В публичной автохарактеристике Люс сказал: «Я – протестант, республиканец и свободный предприниматель», поэтому «предубежден в пользу Бога, Айзенгауэра и акционеров корпорации Тайм». Это было кредо либерального республиканца, который мог быть в хороших отношениях не только с Теодором Рузвельтом, но и с Фрэнклином, с президентом Кеннеди и в то же время осуждать президента Трумэна (за увольнение генерала Мак-Артура и других). Люс нередко расходился не только с президентом-демократом, но и с ближайшими своими единомышленниками и сотрудниками. Вашингтонское бюро Тайм было солидарно с ним, тогда как токийское заняло противоположную позицию и представило пространное объяснение по телеграфу, почему, по единодушному мнению бюро, президент Трумэн был прав.
Наблюдатели отмечали, что издания Люса временами утрачивали всякую видимость объективности.
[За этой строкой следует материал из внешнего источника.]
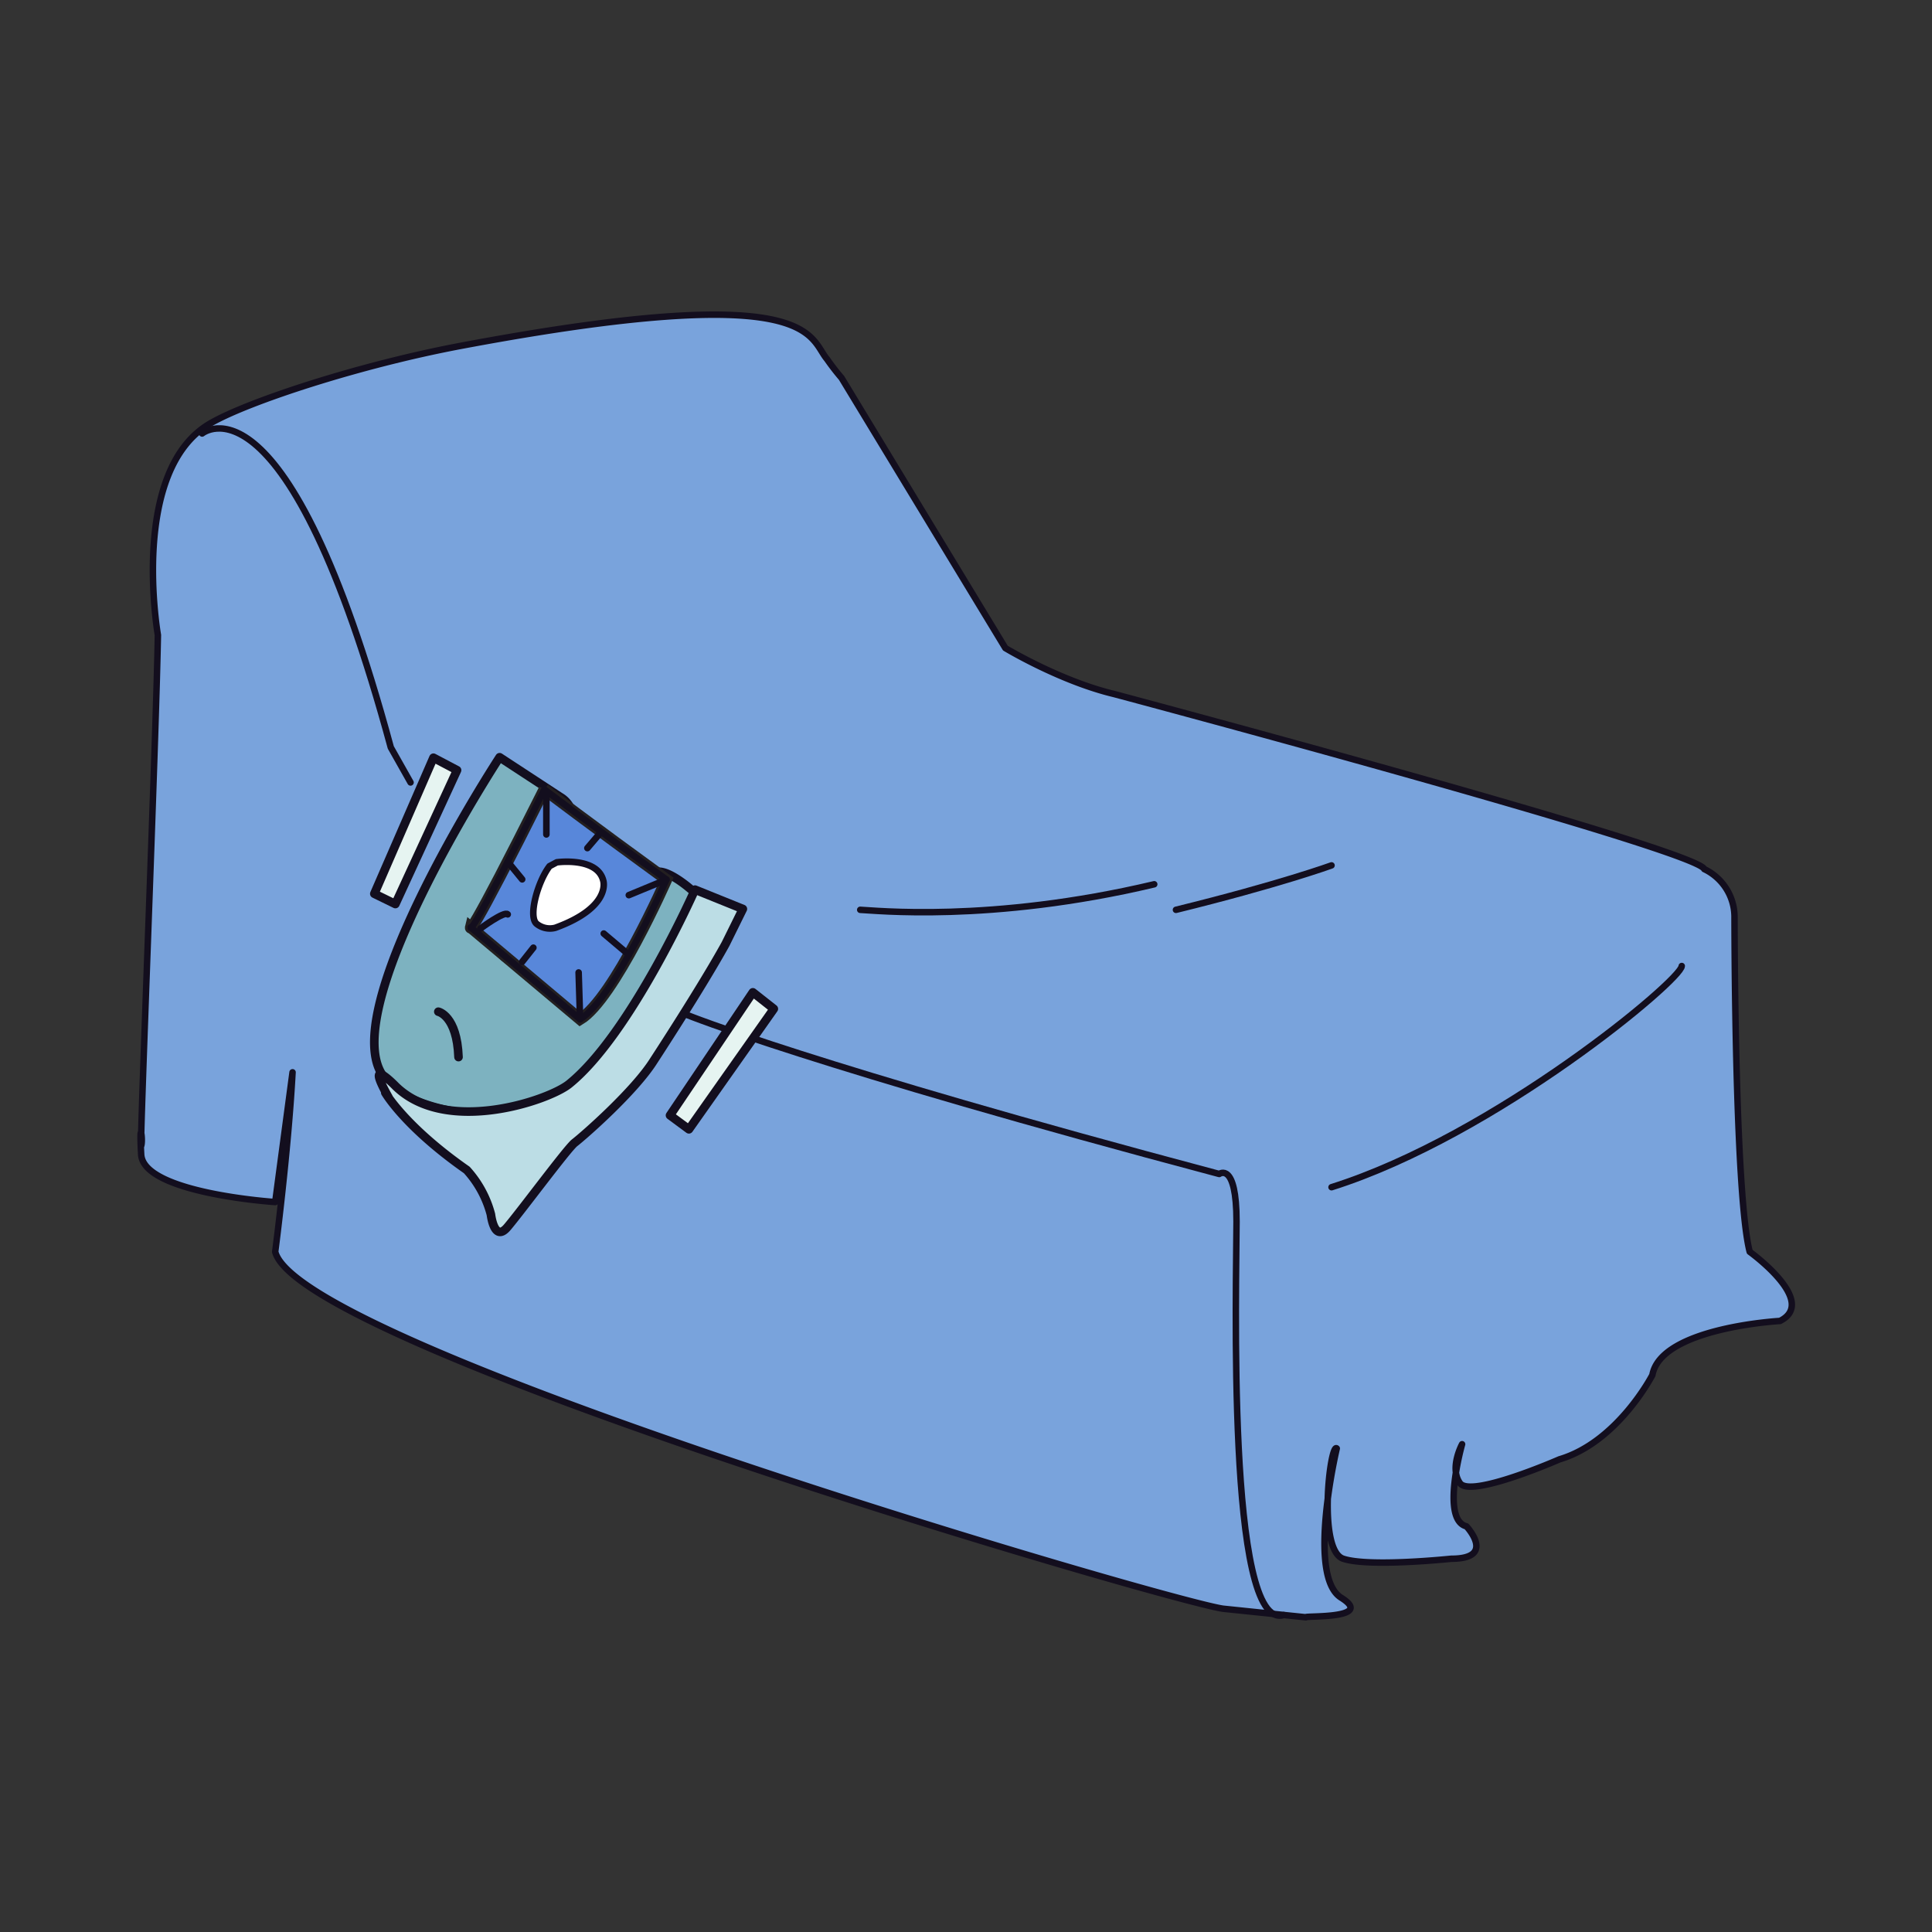 <svg id="图层_1" data-name="图层 1" xmlns="http://www.w3.org/2000/svg" viewBox="0 0 400 400"><rect x="0" y="0" width="400" height="400" fill="#333333" stroke="none"/><defs><style>.cls-1{fill:#e6f4f1;}.cls-2,.cls-5,.cls-8{fill:none;stroke:#130e1e;stroke-linecap:round;stroke-linejoin:round;}.cls-2{stroke-width:1.34px;}.cls-3{fill:#79a3dc;}.cls-4{fill:#7db2c0;}.cls-5{stroke-width:1.78px;}.cls-6{fill:#bcdde5;}.cls-7{fill:#5887da;stroke:#231f20;stroke-miterlimit:10;stroke-width:2.38px;}.cls-8{stroke-width:1.36px;}.cls-9{fill:#59b7b3;}.cls-10{fill:#fff;}</style></defs><title>Artboard 2322</title><polygon class="cls-1" points="147.07 206.99 150.34 209.57 137.09 228.36 134.14 226.18 147.07 206.99"/><polygon class="cls-2" points="147.07 206.99 150.34 209.57 137.09 228.36 134.14 226.18 147.07 206.99"/><path class="cls-3" d="M95.32,71.62c73.71-13.88,72.07-1.78,75.91,2.74a47.8,47.8,0,0,0,3,3.88l33.92,55.94s11.31,6.83,22.51,9.51c0,0,120.85,32.23,122.19,36.25a11,11,0,0,1,6.26,9.85s0,57.3,3.15,69.38c0,0,14.31,10.3,6.26,14.32,0,0-24.62,1.35-26.41,11.19,0,0-7.16,13.88-19.24,17.46,0,0-18.36,8.06-20.6,4.93s.44-8.06.44-8.06-4.47,15.66.9,17c0,0,6.28,6.71-3.13,6.71,0,0-17,1.79-22.38,0s-2.69-24.17-1.34-22.83c0,0-6.27,26.41.9,30.89s-7.68,3.7-7.3,4.06l-17.11-1.77c-11.11-1.52-191.35-54.22-196.27-73.91,0,0,2.69-20.59,3.59-37.15l-3.59,26.86s-27.3-1.79-27.75-9.85.45-3.13,0-1.79c-.37,1.12,3.09-84,3.46-105.75,0,0-6-34.29,11-43.91,8.07-4.57,31-12.06,51.7-16"/><path class="cls-2" d="M95.32,71.62c73.71-13.88,72.07-1.78,75.91,2.74a47.8,47.8,0,0,0,3,3.88l33.92,55.94s11.31,6.83,22.51,9.51c0,0,120.85,32.23,122.19,36.25a11,11,0,0,1,6.26,9.85s0,57.3,3.15,69.38c0,0,14.31,10.3,6.26,14.32,0,0-24.62,1.35-26.41,11.19,0,0-7.16,13.88-19.24,17.46,0,0-18.36,8.06-20.6,4.93s.44-8.06.44-8.06-4.47,15.66.9,17c0,0,6.28,6.71-3.13,6.71,0,0-17,1.79-22.38,0s-2.69-24.17-1.34-22.83c0,0-6.27,26.41.9,30.89s-7.68,3.7-7.3,4.06l-17.11-1.77c-11.11-1.52-191.35-54.22-196.27-73.91,0,0,2.69-20.59,3.59-37.15l-3.59,26.86s-27.3-1.79-27.75-9.85.45-3.13,0-1.79c-.37,1.12,3.09-84,3.46-105.75,0,0-6-34.29,11-43.91C51.69,83,74.64,75.52,95.32,71.62Z"/><path class="cls-4" d="M103.44,156.78s-35.86,54.8-23.26,67h0c.52,3.18,22.27,13.12,37.77,1,5-3.9,31.52-36.23,25-40.73,0,0-5.7-5-7.65-3.15,0,0-18.91,27.76-20.4,26.11-1.21-1.34,1.74,2.16-7.7-6.49,0,0-4-2.77-3.59-3.72s15-27.64,15-27.64A5.33,5.33,0,0,0,116,165l-12.51-8.23"/><path class="cls-5" d="M103.44,156.78s-35.86,54.8-23.26,67h0c.52,3.18,22.27,13.12,37.77,1,5-3.9,31.52-36.23,25-40.73,0,0-5.7-5-7.65-3.15,0,0-20.14,26-21.85,24.57s2,2-7.53-6.31c0,0-2.71-1.41-2.31-2.36s15-27.64,15-27.64A5.33,5.33,0,0,0,116,165Z"/><path class="cls-6" d="M79.77,226.23s4,7,16.87,16a22,22,0,0,1,5,9.22s.67,5.82,3.37,2.66,12.48-16.37,13.94-17.5c2.1-1.63,12.44-10.72,16.39-17,0,0,9.89-15.12,14.89-24.19l3.57-7.23-9.91-4s-13.23,29.91-26.08,40.26c-4.22,3.39-25.37,10.64-35.85.48,0,0-6.7-6.94-1.53,2.23"/><path class="cls-5" d="M79.77,226.23s4,7,16.87,16a22,22,0,0,1,5,9.22s.67,5.82,3.37,2.66,12.48-16.37,13.94-17.5c2.1-1.63,12.44-10.72,16.39-17,0,0,9.89-15.12,14.89-24.19l3.57-7.23-9.91-4s-13.23,29.91-26.08,40.26c-4.22,3.39-25.37,10.64-35.85.48,0,0-6.7-6.94-1.53,2.23"/><path class="cls-4" d="M90.75,209.46s3.86.79,4.18,9.4"/><path class="cls-5" d="M90.75,209.46s3.86.79,4.18,9.4"/><path class="cls-7" d="M112.71,163.44s9.71,7.37,25.27,18.67c0,0-10.84,24.66-17.88,28.91L97.45,192s-.93,3.72,15.26-28.6"/><path class="cls-8" d="M112.71,163.44s9.71,7.37,25.27,18.67c0,0-10.84,24.66-17.88,28.91L97.45,192S96.52,195.76,112.71,163.44Z"/><polygon class="cls-1" points="89.74 156.88 94.63 159.46 81.86 187.17 77.5 185.04 89.74 156.88"/><polygon class="cls-5" points="89.74 156.88 94.63 159.46 81.86 187.17 77.5 185.04 89.74 156.88"/><path class="cls-2" d="M41.85,89.75s17.49-14.58,39.06,65L85,162"/><path class="cls-2" d="M142.24,210.13s26,10.55,110.19,32.93c0,0,3.58-2.68,3.58,9.85s-2.09,85,9.76,81.47"/><path class="cls-2" d="M178.1,188.37c2.69.08,26.85,2.77,60.87-5.29"/><path class="cls-9" d="M243.47,188.37c21.49-5.29,32.21-9.2,32.21-9.2"/><path class="cls-2" d="M243.47,188.37c21.49-5.29,32.21-9.2,32.21-9.2"/><path class="cls-10" d="M113.78,179.33l1.5-.8s8.45-1.18,9.63,3.84c0,0,1.72,5.47-9.94,9.72a4.39,4.39,0,0,1-3.84-.8c-1.85-1.46.21-8.79,2.65-12"/><path class="cls-8" d="M113.78,179.33l1.5-.8s8.45-1.18,9.63,3.84c0,0,1.72,5.47-9.94,9.72a4.39,4.39,0,0,1-3.84-.8C109.28,189.83,111.34,182.5,113.78,179.33Z"/><line class="cls-9" x1="125.01" y1="172.03" x2="121.85" y2="175.73"/><line class="cls-8" x1="124.02" y1="172.76" x2="121.61" y2="175.59"/><line class="cls-8" x1="110.43" y1="196.21" x2="108.11" y2="199.14"/><line class="cls-8" x1="105.12" y1="178.41" x2="108.11" y2="182.06"/><line class="cls-8" x1="125" y1="193.28" x2="130.19" y2="197.67"/><line class="cls-8" x1="113.12" y1="164.78" x2="113.12" y2="172.76"/><line class="cls-8" x1="130.19" y1="185.33" x2="137.98" y2="182.11"/><path class="cls-8" d="M99.47,192.24s5-3.72,5.65-2.93"/><line class="cls-8" x1="119.8" y1="201.34" x2="120.1" y2="211.02"/><path class="cls-2" d="M348.19,200c0,2.83-38.5,35.06-72.51,45.8"/><polygon class="cls-1" points="155.87 205.45 160.21 208.87 142.63 233.81 138.72 230.92 155.87 205.45"/><polygon class="cls-5" points="155.87 205.45 160.21 208.87 142.63 233.81 138.72 230.92 155.87 205.45"/></svg>

В свое оправдание Люс и другие могли сослаться на первоначальный проект издания, в котором редакторы с самого начала заявляли, что «полная нейтральность в публичных делах и важных вопросах, вероятно, столь же нежелательна, сколь и невозможна». Они допускали и заранее мирились с «некоторой предрасположенностью, неизбежной даже при желании объективного осведомления».
С окончанием второй мировой войны, Люс от нейтрального осведомления о событиях перешел к тому, чтобы, если не определять их, то хотя бы влиять на них. Это было радикальной переменой не только в личном отношении, но и в редакционной политике Люса.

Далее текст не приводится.